TASK INSTRUCTIONS: The number of lines below holding the string "outdoors" is the only answer wanted.
------
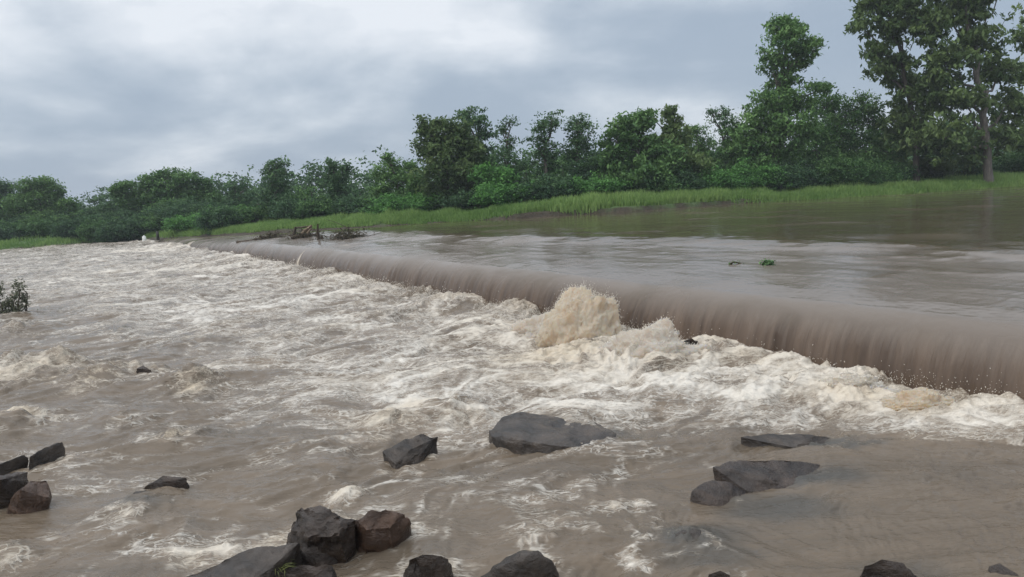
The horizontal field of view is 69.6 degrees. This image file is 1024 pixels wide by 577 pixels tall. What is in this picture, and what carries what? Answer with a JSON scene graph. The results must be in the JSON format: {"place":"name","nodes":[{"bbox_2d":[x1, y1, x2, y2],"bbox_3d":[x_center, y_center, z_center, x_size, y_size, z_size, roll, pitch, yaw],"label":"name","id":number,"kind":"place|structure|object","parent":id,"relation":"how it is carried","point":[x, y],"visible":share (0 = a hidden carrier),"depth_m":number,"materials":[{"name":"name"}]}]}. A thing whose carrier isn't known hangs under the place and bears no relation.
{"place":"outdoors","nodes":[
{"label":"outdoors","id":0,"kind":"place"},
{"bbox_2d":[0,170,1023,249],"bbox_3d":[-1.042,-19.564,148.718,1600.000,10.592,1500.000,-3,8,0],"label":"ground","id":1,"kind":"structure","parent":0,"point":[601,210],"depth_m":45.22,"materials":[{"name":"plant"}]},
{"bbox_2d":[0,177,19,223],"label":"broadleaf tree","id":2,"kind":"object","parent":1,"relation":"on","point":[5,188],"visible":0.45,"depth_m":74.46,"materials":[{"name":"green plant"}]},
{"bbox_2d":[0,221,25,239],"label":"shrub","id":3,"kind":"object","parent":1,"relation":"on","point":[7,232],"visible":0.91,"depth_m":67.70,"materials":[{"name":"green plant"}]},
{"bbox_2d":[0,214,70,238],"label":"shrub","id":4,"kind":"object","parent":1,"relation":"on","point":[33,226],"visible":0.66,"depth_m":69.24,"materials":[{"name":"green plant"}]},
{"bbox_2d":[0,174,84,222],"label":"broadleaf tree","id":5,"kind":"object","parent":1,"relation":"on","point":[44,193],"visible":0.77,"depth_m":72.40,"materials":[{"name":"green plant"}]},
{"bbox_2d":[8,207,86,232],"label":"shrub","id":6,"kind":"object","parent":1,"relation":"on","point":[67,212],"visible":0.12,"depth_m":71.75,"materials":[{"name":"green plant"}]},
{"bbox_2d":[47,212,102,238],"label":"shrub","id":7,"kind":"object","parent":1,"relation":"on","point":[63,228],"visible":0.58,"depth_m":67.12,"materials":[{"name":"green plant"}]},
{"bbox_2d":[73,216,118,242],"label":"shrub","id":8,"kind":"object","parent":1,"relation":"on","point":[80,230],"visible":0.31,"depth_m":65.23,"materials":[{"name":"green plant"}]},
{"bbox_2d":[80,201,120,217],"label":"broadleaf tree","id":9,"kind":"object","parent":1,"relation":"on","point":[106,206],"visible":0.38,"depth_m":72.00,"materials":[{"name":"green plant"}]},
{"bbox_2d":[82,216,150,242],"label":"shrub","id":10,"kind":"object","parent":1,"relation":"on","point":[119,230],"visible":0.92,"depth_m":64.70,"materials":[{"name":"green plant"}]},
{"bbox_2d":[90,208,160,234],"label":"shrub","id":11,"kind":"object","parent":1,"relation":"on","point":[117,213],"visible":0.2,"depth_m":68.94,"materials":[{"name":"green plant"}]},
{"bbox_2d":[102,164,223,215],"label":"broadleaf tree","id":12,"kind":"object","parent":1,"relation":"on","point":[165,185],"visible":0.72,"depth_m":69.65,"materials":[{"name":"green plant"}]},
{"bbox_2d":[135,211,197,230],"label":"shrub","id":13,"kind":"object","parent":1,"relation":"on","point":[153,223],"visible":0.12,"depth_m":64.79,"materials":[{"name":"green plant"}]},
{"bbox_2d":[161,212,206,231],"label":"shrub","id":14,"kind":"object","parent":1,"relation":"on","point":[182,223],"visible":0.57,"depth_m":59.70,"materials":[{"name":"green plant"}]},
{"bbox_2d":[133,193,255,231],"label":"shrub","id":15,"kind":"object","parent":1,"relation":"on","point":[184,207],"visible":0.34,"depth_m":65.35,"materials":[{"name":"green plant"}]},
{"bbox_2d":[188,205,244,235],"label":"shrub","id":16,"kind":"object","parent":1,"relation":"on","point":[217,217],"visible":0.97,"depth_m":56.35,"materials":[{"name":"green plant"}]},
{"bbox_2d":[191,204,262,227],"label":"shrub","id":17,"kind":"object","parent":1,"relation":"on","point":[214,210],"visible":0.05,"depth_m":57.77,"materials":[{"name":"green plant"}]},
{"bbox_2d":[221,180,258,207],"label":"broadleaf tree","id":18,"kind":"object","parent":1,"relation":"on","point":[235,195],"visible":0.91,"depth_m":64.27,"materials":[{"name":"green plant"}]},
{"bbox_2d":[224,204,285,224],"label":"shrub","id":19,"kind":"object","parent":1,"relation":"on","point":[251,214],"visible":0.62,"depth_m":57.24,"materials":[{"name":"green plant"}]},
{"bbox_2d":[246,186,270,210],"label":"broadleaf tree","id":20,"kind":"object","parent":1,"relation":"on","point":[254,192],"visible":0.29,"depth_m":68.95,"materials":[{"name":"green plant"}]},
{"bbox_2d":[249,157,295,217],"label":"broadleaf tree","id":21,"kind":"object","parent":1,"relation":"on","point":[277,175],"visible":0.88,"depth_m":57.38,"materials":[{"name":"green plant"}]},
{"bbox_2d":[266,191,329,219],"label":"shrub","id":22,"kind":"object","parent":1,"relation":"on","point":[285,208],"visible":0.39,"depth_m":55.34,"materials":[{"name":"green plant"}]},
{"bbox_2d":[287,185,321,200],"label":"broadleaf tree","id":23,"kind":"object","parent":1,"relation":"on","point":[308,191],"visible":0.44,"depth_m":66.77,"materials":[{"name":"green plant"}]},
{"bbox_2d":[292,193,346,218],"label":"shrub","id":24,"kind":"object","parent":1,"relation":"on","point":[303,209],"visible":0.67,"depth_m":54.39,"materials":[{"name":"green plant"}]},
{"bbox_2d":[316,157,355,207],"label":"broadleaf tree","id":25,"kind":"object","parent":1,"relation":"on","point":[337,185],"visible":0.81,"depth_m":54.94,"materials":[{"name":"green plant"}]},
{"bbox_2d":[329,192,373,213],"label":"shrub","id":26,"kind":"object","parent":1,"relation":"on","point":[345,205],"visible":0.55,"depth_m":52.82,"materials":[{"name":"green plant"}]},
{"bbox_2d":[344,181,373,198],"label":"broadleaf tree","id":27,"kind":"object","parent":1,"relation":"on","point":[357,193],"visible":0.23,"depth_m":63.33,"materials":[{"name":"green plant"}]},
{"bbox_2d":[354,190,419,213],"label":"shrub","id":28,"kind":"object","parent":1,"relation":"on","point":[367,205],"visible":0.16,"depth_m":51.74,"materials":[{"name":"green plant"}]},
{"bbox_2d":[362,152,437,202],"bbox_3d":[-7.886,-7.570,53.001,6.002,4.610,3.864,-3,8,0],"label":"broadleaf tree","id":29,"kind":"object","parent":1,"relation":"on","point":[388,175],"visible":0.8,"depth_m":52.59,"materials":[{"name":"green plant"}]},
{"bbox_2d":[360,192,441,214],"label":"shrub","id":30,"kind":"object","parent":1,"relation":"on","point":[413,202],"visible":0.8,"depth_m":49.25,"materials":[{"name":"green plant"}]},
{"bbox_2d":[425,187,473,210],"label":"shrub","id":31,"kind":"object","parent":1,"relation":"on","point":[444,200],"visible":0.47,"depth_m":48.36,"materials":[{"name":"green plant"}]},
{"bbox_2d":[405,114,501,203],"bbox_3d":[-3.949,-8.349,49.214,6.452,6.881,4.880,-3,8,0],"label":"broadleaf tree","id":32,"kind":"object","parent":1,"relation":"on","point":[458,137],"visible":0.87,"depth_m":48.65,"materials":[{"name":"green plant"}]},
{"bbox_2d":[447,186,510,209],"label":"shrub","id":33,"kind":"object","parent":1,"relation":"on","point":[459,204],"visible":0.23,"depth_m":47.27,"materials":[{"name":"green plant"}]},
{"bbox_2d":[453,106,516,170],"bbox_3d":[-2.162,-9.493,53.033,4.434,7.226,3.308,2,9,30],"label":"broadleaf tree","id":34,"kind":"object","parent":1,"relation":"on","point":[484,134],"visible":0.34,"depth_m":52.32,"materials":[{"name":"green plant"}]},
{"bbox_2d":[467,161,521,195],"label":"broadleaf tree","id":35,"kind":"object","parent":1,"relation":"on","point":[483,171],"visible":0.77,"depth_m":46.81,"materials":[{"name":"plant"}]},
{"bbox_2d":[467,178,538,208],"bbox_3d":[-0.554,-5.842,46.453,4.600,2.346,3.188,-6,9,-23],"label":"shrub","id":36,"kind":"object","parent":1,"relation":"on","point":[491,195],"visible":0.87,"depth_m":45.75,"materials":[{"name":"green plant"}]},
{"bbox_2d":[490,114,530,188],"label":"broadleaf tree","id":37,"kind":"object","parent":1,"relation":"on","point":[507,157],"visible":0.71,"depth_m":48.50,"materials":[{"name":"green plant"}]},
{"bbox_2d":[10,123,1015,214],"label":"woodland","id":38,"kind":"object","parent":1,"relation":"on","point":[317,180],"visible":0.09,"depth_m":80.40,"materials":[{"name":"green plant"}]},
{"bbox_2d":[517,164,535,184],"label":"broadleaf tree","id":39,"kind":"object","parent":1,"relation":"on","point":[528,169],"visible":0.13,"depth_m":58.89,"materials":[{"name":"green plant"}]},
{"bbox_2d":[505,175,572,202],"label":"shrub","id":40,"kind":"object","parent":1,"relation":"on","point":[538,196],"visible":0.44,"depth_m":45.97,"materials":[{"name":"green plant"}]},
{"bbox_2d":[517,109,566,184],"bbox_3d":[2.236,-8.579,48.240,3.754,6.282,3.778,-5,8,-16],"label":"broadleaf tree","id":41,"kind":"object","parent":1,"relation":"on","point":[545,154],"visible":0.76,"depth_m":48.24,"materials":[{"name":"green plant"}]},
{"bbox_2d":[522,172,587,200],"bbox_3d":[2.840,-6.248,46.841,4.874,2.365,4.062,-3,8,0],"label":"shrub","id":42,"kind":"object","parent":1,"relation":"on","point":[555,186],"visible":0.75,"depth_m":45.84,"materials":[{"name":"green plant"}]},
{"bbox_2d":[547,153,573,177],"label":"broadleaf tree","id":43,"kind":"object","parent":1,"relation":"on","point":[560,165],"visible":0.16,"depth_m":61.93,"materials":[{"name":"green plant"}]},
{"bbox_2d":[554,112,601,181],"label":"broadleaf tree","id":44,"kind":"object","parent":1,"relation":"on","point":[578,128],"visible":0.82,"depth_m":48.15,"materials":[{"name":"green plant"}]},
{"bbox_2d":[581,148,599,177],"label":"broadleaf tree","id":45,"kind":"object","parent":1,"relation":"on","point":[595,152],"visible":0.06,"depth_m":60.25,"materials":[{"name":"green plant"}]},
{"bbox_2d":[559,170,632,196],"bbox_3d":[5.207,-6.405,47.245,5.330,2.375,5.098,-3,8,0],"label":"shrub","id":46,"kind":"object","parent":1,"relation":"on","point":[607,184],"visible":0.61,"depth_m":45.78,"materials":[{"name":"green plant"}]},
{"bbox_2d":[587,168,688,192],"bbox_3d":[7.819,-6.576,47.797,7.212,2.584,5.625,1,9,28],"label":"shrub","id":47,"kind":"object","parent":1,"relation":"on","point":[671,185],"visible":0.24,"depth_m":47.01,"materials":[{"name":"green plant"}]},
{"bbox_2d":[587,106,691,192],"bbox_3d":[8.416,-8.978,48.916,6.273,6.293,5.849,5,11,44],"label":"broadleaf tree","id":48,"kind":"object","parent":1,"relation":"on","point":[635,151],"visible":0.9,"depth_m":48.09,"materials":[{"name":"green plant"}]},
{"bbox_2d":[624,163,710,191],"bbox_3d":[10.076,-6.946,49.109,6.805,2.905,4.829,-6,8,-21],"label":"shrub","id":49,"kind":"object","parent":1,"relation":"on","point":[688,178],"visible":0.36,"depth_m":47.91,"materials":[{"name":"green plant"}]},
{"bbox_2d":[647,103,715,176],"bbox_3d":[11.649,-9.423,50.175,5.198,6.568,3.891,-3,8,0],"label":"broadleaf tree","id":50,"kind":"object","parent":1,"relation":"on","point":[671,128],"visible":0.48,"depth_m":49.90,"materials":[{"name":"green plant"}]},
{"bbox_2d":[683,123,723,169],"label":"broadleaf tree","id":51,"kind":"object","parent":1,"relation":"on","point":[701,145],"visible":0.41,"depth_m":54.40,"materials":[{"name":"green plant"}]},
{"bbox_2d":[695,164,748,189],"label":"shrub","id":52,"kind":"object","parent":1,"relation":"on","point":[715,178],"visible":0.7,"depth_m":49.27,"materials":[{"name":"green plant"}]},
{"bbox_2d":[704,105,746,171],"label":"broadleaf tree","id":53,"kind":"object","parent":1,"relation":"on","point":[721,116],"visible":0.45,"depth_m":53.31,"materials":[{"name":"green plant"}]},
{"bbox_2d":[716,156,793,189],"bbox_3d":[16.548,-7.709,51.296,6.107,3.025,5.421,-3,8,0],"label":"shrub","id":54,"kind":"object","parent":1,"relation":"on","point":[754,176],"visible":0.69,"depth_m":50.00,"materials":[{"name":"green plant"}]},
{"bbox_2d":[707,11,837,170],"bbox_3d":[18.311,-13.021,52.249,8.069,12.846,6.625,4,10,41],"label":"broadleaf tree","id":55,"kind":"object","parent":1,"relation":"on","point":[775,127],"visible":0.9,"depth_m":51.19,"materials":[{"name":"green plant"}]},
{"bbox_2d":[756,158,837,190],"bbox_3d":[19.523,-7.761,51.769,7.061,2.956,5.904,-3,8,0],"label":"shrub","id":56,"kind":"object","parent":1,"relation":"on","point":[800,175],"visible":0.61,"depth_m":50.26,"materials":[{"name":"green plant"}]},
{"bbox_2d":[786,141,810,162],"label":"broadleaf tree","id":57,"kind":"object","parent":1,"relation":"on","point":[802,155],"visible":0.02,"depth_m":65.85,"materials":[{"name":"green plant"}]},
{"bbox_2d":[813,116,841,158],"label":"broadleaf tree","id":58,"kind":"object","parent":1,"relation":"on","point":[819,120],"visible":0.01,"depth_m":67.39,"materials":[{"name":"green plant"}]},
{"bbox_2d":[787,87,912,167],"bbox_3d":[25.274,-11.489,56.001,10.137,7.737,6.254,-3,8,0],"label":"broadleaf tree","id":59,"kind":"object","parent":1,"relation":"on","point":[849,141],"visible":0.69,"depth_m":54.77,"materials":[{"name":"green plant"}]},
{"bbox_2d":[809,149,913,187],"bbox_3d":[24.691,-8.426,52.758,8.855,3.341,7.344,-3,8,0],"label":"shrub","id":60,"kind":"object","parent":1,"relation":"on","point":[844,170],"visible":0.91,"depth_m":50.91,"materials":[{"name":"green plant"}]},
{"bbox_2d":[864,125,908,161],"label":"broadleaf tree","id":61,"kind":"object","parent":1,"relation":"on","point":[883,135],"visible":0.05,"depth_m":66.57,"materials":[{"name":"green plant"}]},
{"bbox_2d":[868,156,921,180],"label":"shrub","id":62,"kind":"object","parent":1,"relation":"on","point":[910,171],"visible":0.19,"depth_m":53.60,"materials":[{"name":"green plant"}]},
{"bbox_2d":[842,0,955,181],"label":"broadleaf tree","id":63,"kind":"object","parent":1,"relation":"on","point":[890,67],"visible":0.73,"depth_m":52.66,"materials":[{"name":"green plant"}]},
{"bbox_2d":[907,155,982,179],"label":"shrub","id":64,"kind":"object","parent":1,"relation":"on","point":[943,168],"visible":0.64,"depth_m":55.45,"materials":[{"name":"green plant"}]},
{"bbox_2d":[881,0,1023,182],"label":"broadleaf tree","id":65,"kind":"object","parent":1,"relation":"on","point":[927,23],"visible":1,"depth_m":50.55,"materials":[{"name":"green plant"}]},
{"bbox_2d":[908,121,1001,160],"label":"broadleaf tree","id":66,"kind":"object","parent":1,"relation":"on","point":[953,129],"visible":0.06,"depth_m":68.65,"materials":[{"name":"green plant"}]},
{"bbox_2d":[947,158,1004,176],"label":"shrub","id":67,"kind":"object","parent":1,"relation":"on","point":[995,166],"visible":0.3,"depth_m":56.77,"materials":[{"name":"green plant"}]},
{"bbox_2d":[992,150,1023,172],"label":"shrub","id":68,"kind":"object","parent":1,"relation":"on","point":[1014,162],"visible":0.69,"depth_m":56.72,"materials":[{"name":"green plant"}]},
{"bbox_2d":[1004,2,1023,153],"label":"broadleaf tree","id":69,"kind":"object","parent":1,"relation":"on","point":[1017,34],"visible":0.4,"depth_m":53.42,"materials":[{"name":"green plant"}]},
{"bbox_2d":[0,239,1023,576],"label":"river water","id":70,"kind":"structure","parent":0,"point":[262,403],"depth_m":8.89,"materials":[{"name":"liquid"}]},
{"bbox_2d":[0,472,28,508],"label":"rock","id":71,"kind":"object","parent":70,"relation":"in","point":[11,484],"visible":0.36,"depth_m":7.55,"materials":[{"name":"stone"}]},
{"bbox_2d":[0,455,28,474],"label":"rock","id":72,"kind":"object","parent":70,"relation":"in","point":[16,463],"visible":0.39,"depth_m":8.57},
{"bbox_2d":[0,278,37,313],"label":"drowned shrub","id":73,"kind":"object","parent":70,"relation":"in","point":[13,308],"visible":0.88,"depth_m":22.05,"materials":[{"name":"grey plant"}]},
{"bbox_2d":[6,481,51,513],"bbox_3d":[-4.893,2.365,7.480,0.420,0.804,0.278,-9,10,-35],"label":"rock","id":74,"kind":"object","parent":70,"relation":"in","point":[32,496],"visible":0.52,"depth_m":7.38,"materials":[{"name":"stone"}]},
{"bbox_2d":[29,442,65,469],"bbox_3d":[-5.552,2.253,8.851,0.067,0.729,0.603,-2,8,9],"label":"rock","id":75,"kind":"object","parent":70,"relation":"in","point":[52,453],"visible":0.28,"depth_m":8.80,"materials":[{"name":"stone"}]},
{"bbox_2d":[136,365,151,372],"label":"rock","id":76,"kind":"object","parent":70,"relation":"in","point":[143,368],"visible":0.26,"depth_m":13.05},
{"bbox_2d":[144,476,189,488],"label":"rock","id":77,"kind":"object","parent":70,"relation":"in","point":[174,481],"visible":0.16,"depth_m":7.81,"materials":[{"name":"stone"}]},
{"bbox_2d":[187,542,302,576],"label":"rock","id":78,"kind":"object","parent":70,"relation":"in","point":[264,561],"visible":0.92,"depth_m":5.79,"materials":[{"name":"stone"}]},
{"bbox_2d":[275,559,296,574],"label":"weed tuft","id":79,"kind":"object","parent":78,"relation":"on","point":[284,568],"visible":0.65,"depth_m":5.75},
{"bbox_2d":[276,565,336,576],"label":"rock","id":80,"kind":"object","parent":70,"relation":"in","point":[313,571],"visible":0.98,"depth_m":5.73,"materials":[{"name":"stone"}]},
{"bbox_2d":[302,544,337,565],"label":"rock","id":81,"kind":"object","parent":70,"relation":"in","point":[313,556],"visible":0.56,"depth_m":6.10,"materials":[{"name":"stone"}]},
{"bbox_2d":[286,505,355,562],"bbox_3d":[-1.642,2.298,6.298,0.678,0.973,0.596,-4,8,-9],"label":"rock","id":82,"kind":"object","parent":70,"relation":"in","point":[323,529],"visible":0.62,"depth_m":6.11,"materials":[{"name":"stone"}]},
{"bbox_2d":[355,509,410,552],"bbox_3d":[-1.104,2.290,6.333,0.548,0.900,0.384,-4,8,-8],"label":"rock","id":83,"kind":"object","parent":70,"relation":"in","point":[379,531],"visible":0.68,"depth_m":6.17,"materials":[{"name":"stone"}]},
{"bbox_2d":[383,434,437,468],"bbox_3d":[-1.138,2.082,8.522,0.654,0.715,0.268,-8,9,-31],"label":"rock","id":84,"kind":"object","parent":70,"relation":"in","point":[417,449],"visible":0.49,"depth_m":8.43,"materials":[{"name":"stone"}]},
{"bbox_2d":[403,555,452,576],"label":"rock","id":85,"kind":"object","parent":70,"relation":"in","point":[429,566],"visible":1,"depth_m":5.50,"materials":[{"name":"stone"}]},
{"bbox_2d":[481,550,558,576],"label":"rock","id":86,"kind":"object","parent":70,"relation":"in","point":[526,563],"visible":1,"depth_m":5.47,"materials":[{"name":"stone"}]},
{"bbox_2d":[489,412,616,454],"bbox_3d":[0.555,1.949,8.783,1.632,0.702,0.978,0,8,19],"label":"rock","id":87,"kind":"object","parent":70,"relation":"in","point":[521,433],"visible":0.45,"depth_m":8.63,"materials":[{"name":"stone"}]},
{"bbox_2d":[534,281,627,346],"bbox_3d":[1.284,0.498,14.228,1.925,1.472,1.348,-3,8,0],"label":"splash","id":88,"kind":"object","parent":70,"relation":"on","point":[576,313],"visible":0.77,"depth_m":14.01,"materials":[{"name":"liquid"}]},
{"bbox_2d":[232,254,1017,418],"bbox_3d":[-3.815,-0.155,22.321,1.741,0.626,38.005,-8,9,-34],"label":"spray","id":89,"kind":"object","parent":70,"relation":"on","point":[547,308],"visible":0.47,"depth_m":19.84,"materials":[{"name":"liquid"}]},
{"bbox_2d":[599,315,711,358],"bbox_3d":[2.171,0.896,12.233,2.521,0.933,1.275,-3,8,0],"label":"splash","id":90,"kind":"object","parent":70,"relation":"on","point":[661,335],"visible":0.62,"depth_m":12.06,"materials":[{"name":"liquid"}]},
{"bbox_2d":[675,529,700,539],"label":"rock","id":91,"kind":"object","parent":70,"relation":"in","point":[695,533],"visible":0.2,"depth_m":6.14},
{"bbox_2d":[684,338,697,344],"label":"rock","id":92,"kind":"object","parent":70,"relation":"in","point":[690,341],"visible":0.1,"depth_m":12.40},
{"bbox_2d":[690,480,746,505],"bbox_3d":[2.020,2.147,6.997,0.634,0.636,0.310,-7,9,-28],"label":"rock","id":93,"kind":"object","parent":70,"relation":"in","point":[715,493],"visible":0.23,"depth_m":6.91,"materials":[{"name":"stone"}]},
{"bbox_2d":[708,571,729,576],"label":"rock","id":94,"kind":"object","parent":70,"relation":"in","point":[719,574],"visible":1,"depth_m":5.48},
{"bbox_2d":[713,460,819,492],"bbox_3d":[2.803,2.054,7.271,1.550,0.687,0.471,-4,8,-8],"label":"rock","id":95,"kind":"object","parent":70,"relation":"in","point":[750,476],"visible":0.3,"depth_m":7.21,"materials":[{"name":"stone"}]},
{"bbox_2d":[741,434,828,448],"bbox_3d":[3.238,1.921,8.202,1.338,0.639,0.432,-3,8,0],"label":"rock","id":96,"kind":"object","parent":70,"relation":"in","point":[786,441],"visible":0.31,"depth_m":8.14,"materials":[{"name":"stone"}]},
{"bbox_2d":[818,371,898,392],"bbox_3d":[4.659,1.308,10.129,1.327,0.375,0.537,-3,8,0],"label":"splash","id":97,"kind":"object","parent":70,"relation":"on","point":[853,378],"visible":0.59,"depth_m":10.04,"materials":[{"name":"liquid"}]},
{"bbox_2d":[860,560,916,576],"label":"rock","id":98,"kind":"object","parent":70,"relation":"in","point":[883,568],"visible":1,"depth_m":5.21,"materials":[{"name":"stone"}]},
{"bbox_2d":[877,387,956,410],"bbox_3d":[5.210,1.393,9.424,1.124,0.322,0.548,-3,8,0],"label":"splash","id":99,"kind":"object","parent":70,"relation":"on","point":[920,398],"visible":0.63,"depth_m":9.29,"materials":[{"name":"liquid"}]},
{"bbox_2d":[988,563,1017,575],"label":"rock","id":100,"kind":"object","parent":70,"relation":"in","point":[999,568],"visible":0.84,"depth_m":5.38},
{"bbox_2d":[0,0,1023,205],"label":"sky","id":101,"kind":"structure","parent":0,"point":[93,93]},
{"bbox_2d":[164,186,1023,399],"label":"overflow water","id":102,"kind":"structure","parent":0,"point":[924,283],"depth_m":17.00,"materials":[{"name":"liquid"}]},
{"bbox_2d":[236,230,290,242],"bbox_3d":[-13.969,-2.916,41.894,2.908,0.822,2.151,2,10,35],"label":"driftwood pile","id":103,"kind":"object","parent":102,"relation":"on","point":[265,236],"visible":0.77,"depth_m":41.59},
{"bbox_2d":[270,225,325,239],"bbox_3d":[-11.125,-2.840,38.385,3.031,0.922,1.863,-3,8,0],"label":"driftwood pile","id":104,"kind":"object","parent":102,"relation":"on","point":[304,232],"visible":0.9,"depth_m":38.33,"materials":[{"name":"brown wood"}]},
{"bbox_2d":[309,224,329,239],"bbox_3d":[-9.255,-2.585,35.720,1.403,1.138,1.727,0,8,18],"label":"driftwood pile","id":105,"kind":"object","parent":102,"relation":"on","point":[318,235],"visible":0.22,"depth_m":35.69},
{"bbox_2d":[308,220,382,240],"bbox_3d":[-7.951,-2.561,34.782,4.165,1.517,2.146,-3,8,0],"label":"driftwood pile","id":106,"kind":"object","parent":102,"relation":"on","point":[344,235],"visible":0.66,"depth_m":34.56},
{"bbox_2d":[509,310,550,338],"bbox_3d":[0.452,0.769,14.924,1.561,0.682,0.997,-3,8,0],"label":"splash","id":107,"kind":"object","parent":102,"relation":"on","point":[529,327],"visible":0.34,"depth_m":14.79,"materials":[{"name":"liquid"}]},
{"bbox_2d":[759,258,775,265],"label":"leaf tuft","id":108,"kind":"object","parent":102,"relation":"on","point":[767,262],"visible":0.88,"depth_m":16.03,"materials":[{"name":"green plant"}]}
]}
------
SOLUTION TO THIS EXERCISE: 2